Every fix says get more vocabulary, prepare better talking points, script the opener. And the script is exactly what breaks. A scripted answer can't respond to the actual question; it can only get dumped regardless of what was asked.

So I wondered: what if the five minutes before the call didn't draft what to say at all β€” but put the body into the state where speech arrives in response instead of being forced out?

This is a daily routine with an AI assistant β€” a workflow with AI β€” and its subtype is inner: it doesn't write your lines, it walks your body through a fixed sequence β€” breath, silence, slice β€” so the pause becomes retrieval time instead of dead air.

Stage 6 β€” The energetic signal under the freeze

Read the signal first. Under social stakes the body lifts into a performance set-point β€” broadcasting I'm being evaluated β€” and the field returns exactly that: evaluation. The freeze isn't a vocabulary shortage. It's a body in performance-arousal trying to produce the impressive thing, while the part of it that could simply respond has gone offline.

The prep doesn't give you better words. It lowers the body out of the performance set-point and back to a baseline where it can respond to the room, before the first word goes out.

Underneath, for anyone who wants the structural confirmation, the chart often shows an Open Throat (in Human Design, the expression-and-manifestation Center β€” the triangle at the neck of the BodyGraph, the Human Design body chart, left uncolored). The Open Throat is designed to be quiet until it can respond β€” to speak on invitation, not reflex. The collapse is the open Throat forcing speech against its own design. The breath and silence steps install the waiting state it was built for.

Stage 7 β€” The question the AI asks first

Before the breath, one relocation. The goal you're carrying into the room decides whether you freeze:

"What's the goal for this call β€” to make a great impression, or to connect and be understood? The first is out of your control, and it's what freezes you. Name the smaller, in-your-control version."

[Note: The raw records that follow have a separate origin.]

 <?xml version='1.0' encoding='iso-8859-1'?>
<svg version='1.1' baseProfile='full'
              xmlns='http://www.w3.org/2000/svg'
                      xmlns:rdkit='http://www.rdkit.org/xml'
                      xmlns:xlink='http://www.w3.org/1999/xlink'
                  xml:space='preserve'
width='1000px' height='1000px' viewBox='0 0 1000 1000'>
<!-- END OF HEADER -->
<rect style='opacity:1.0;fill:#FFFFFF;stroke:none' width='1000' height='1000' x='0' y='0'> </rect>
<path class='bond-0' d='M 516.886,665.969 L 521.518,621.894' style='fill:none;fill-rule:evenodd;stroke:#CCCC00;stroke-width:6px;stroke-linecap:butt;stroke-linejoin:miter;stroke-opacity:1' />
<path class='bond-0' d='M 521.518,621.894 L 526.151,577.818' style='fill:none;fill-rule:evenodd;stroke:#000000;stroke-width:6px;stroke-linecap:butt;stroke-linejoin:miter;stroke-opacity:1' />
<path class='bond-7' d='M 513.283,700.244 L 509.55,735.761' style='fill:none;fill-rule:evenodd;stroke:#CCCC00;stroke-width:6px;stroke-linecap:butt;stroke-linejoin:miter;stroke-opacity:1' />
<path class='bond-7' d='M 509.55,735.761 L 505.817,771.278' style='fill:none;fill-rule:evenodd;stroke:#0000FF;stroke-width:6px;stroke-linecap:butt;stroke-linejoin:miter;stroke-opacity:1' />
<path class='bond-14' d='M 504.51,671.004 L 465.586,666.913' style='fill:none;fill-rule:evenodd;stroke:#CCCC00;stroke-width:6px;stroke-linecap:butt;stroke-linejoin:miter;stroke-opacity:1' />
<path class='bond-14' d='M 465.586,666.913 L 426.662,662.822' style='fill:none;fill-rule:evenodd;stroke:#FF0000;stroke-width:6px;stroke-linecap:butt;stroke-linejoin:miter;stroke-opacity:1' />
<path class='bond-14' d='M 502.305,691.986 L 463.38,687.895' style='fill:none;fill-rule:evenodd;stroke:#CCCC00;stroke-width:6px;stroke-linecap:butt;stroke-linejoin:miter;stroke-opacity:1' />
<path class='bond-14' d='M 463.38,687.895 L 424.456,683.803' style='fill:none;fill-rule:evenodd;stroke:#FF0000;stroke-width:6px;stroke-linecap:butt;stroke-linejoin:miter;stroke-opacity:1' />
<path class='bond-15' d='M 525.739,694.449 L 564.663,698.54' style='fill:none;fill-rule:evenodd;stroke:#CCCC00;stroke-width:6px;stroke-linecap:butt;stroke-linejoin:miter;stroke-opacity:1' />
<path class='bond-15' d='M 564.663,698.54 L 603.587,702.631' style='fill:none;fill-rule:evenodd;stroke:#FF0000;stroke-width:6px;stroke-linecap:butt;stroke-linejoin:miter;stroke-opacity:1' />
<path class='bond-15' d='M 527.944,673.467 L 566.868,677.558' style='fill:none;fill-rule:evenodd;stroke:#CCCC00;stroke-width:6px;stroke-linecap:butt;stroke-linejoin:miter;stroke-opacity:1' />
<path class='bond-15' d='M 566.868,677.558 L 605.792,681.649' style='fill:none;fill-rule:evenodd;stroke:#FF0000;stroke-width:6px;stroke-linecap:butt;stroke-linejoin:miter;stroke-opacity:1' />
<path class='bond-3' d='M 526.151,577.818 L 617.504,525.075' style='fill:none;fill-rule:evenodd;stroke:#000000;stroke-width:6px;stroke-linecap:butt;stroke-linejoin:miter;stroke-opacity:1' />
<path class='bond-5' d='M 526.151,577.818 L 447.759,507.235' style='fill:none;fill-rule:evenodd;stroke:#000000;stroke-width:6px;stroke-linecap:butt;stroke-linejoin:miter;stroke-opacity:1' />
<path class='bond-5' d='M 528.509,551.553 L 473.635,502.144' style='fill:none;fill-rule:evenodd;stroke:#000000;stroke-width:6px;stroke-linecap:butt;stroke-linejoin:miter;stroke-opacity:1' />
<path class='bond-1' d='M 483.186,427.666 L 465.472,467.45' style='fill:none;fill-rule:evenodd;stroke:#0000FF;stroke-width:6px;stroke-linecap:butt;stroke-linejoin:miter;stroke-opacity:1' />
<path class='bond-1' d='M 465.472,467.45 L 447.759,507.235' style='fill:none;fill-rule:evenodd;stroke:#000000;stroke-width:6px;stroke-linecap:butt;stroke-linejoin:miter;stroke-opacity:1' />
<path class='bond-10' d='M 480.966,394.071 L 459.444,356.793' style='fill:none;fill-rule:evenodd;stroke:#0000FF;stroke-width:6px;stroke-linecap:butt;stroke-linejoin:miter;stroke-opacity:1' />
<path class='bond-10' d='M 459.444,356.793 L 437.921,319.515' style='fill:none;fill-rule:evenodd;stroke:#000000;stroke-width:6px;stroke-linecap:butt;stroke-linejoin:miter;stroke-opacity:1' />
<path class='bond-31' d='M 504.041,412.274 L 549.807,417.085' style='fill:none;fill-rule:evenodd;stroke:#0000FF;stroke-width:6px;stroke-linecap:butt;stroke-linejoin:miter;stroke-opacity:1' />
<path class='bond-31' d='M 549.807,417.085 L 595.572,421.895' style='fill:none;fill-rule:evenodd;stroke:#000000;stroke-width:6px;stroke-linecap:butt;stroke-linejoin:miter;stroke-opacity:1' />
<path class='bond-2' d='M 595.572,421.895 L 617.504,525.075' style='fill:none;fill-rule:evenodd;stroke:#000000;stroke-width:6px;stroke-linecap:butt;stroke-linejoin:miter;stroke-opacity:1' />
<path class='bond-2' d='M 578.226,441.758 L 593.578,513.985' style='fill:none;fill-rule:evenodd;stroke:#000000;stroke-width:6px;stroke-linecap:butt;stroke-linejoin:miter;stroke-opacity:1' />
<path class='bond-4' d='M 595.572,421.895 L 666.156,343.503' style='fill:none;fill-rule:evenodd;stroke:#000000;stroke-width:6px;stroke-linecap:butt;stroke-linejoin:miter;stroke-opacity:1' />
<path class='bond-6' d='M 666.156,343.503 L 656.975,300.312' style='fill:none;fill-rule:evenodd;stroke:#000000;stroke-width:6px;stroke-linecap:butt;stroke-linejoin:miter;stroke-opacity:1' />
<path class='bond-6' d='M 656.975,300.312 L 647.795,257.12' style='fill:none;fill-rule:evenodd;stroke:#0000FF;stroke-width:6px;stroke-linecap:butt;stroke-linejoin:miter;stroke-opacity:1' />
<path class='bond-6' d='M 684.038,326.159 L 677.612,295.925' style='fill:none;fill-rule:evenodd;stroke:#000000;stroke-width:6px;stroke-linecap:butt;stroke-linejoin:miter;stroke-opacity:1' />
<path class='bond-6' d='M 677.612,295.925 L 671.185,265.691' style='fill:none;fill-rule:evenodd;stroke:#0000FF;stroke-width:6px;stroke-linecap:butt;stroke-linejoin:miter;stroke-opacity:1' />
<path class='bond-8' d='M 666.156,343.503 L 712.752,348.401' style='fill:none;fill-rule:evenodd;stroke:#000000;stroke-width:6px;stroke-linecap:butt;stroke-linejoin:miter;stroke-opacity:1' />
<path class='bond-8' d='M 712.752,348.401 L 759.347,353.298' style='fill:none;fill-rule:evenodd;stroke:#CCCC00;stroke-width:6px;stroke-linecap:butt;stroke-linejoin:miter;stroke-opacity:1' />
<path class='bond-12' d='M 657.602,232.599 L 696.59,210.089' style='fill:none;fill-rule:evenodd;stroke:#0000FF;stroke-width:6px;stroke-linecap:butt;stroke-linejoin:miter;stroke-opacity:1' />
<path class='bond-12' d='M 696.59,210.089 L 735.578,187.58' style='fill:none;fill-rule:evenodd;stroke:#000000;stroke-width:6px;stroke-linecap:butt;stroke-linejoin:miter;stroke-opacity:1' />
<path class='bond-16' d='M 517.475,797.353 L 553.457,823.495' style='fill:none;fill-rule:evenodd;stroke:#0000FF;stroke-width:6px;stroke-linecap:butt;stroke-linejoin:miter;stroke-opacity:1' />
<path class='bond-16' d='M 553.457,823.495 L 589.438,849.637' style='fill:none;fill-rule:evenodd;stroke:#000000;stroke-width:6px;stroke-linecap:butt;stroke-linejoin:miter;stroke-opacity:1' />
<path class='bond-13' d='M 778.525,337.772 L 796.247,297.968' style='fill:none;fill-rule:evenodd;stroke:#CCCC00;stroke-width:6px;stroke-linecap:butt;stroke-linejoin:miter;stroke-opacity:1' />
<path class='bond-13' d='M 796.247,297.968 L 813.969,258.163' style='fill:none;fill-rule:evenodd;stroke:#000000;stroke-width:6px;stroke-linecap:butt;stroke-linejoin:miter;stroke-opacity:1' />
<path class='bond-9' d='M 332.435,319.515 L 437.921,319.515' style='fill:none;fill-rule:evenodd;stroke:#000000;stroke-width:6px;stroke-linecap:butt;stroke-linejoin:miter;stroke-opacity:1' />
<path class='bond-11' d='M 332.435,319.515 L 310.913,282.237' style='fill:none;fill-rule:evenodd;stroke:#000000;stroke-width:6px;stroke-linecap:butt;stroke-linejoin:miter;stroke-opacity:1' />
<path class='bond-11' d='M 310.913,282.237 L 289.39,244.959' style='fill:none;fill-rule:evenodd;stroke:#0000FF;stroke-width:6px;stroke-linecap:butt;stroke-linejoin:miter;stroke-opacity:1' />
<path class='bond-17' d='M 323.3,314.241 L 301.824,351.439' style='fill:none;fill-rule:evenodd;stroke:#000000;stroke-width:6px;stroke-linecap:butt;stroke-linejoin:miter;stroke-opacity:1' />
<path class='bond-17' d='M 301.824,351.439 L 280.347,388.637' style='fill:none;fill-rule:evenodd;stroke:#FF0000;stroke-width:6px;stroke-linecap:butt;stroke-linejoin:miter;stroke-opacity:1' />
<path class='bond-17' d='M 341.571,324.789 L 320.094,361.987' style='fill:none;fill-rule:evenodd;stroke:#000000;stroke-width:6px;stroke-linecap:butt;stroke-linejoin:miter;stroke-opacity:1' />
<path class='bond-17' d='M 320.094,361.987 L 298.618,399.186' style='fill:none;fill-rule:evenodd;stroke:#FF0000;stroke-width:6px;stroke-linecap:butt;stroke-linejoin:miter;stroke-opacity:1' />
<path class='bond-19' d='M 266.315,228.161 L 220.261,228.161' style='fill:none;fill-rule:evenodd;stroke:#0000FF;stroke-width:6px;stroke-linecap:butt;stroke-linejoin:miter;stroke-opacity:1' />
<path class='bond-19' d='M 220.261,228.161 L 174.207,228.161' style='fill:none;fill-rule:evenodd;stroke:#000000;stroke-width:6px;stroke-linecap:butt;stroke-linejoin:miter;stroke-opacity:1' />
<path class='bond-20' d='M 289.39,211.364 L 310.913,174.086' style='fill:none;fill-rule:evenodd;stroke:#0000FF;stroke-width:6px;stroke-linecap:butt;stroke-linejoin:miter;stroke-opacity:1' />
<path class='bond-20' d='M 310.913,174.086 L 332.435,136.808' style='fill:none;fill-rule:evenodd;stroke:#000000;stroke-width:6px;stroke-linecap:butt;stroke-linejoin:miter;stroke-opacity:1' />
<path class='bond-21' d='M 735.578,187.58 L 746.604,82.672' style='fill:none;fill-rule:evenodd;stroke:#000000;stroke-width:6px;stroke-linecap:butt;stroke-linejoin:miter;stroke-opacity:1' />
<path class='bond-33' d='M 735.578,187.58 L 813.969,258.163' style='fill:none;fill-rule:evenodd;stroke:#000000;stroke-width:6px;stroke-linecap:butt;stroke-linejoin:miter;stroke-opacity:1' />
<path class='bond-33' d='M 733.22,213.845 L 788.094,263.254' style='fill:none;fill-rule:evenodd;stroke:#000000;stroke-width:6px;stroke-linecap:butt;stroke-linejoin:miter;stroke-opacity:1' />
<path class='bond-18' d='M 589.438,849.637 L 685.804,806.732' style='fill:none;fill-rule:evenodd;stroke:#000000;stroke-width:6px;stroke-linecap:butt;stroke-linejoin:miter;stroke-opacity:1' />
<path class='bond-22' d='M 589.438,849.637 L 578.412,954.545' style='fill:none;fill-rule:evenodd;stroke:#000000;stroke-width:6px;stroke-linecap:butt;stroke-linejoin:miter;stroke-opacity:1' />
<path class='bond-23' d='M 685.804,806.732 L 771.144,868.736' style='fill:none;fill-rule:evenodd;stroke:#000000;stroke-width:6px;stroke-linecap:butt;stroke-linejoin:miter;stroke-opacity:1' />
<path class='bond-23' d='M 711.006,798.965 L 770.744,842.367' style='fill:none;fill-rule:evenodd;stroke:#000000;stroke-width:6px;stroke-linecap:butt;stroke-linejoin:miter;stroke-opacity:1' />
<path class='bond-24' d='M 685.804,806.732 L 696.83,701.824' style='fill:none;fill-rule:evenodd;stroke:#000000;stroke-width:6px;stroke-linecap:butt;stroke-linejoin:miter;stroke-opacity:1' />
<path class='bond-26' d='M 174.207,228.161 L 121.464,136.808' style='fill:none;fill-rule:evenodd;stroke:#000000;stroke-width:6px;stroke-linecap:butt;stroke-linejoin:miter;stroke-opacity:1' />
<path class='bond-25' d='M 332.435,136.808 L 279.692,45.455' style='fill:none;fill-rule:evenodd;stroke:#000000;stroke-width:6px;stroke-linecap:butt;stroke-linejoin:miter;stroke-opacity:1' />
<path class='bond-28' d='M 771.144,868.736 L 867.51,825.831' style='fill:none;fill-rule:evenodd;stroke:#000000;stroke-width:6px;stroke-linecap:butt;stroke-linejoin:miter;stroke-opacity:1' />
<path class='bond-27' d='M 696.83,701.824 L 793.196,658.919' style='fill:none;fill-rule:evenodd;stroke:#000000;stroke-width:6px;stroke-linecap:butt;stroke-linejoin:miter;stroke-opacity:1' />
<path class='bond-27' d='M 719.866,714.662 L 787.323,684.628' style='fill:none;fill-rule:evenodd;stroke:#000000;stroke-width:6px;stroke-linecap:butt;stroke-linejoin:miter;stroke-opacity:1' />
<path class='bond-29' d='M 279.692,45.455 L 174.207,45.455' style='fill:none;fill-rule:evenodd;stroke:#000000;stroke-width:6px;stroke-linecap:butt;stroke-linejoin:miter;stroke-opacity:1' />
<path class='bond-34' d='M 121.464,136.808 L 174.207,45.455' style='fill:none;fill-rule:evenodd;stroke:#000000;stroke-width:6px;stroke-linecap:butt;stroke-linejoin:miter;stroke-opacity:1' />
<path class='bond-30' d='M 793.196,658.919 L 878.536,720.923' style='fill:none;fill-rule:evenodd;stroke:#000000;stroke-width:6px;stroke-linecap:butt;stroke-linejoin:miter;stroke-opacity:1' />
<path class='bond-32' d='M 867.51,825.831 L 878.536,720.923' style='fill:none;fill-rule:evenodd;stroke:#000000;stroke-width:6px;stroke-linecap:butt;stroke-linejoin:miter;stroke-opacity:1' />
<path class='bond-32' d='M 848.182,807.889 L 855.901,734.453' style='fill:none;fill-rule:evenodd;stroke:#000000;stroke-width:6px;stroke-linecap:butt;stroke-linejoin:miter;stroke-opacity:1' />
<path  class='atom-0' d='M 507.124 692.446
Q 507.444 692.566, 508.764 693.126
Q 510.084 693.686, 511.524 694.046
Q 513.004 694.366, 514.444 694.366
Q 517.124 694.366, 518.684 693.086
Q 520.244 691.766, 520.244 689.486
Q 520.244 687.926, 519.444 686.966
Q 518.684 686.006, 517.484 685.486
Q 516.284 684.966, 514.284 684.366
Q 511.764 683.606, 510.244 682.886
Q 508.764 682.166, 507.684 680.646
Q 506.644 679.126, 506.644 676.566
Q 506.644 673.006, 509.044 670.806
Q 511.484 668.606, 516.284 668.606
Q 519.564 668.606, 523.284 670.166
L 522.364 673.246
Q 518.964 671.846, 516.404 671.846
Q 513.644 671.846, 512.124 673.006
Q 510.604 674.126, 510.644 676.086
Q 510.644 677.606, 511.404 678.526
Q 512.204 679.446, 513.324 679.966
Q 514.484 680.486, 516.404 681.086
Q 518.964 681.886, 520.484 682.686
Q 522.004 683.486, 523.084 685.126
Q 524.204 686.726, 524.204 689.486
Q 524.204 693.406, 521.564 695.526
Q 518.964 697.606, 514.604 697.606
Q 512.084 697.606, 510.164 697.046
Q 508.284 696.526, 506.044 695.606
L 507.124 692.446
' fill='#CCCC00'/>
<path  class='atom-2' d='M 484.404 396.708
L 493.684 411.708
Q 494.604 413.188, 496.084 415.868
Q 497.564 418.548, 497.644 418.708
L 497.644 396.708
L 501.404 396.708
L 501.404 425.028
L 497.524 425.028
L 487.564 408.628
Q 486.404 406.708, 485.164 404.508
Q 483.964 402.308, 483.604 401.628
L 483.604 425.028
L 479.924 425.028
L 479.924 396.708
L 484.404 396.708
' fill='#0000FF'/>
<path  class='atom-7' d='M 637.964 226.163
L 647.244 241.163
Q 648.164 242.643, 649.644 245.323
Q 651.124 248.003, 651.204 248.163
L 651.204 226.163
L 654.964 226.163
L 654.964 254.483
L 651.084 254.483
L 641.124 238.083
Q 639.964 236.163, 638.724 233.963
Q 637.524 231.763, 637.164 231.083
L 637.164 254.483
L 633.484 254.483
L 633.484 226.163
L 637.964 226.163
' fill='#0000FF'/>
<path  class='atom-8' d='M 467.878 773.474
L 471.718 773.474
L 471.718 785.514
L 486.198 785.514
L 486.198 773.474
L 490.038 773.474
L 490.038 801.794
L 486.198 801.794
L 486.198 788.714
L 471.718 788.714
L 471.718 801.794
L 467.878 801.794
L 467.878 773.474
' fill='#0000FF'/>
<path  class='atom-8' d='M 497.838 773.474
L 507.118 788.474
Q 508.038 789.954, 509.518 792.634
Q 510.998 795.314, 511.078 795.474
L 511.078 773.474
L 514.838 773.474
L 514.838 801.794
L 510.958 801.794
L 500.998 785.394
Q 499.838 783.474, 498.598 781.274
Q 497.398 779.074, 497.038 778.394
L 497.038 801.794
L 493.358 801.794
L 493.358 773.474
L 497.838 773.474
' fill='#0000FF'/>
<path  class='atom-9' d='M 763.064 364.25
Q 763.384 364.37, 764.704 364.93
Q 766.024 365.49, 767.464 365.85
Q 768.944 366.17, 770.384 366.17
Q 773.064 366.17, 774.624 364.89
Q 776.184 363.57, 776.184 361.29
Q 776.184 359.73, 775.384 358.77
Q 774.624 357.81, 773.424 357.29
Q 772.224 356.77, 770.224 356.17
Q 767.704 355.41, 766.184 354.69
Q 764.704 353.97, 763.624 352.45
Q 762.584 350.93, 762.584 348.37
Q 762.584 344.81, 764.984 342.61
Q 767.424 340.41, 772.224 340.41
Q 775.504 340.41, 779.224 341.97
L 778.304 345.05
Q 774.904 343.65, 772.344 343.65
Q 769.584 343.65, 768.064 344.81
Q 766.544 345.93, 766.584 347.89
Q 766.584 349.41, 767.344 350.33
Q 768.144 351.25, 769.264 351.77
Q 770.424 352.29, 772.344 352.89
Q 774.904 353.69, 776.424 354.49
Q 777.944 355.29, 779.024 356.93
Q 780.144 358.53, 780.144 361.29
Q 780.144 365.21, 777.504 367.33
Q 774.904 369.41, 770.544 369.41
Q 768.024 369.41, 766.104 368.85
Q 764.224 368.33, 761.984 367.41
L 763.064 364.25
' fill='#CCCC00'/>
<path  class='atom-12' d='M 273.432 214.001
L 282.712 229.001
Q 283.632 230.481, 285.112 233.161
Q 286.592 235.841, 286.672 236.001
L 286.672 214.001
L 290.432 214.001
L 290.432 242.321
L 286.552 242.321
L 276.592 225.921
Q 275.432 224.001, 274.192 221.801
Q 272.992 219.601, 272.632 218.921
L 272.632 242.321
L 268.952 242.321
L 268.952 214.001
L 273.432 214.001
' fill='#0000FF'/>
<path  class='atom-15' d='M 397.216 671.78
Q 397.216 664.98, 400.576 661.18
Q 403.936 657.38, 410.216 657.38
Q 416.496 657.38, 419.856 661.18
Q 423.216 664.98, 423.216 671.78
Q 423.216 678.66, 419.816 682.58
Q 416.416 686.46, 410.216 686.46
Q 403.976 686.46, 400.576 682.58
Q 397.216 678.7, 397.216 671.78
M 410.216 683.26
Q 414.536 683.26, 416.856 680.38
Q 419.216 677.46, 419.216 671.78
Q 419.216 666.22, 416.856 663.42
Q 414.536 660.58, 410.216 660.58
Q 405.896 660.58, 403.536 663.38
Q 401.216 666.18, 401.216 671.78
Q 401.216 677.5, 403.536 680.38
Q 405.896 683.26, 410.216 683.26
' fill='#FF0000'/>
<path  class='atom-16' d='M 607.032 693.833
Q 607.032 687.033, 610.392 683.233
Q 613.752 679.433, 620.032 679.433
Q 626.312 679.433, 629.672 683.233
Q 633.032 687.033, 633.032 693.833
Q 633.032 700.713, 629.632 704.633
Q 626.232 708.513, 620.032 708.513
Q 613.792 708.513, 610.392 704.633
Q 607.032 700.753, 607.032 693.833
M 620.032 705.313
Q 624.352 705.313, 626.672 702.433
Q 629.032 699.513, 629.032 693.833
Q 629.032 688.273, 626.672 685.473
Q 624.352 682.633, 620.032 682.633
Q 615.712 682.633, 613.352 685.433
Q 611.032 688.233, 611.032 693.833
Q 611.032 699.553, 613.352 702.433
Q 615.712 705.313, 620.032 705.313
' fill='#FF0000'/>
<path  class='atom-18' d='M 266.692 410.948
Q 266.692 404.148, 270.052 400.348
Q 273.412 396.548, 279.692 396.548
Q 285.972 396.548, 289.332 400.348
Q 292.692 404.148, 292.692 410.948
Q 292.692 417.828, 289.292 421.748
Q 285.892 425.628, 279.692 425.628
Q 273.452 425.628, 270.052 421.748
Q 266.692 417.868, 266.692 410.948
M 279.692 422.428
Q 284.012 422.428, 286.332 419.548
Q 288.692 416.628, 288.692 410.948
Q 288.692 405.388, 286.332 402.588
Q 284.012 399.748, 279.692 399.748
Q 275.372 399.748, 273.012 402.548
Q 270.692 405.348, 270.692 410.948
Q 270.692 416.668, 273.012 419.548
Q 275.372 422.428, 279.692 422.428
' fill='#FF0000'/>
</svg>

Make a great impression is ungovernable; the room decides. Connect, be understood is yours. Relocating to the second drops the bar from perfect to at all β€” which is the only bar you can actually clear in real time.

Stage 8 β€” The workflow itself

Five minutes, voice mode, in the gap before the call. The AI is a metronome and a screen β€” never a scriptwriter.

```
PRE-CALL ARTICULATION PREP β€” ~5 minutes, voice.

  • FORCE OR FLOW. "Great impression, or connect and be understood?
  • The first freezes you. Name the in-your-control version." Reflect it back.
  • BREATH. "Five slow belly breaths, exhale longer than the inhale.
  • On the last, let the mind go blank for two seconds." Stay quiet.
  • SILENCE. "When they ask their opening question, first two seconds β€”
  • fill the gap, or wait and let it land?" There's more in their first sentence than you think. Your job is to catch the invitation, not produce.
  • SLICE. "If the likely question invites a slice, not your whole story,
  • what's the ONE slice? Say it in a single but-or-so sentence β€” not an and-chain. If it comes out 'and then, and then,' you're dumping. Cut it to the one obstacle or the one consequence that mattered."

    Don't write my answer. Have me say the slice aloud once. Then ask:
    "Did you say the slice the question invited β€” or dump the whole story
    more quietly? Say it one more time, shorter."
    ```

    What the AI does: rehearse the move, never supply the line. The session ends with you having said the slice aloud, not with the bot's polished version of it. The "and then, and then" catch is the load-bearing one β€” an and-chain is the whole story dumped flat, with no hierarchy.

    What you still own: the slice. It's yours, pointed at them β€” the one obstacle or the one consequence, said and then stopped.

    A concrete five minutes, in five lines:

    "Great impression, or connect?" β€” "…connect." Five breaths. Mind blank two seconds. "One slice for 'tell me what you do.' But-or-so sentence." First try: "I help solopreneurs and I do Human Design and I alsoβ€”" "That's the dump. One obstacle." β€” "Most solo founders are drowning in admin, so I build one small AI system that buys back the morning."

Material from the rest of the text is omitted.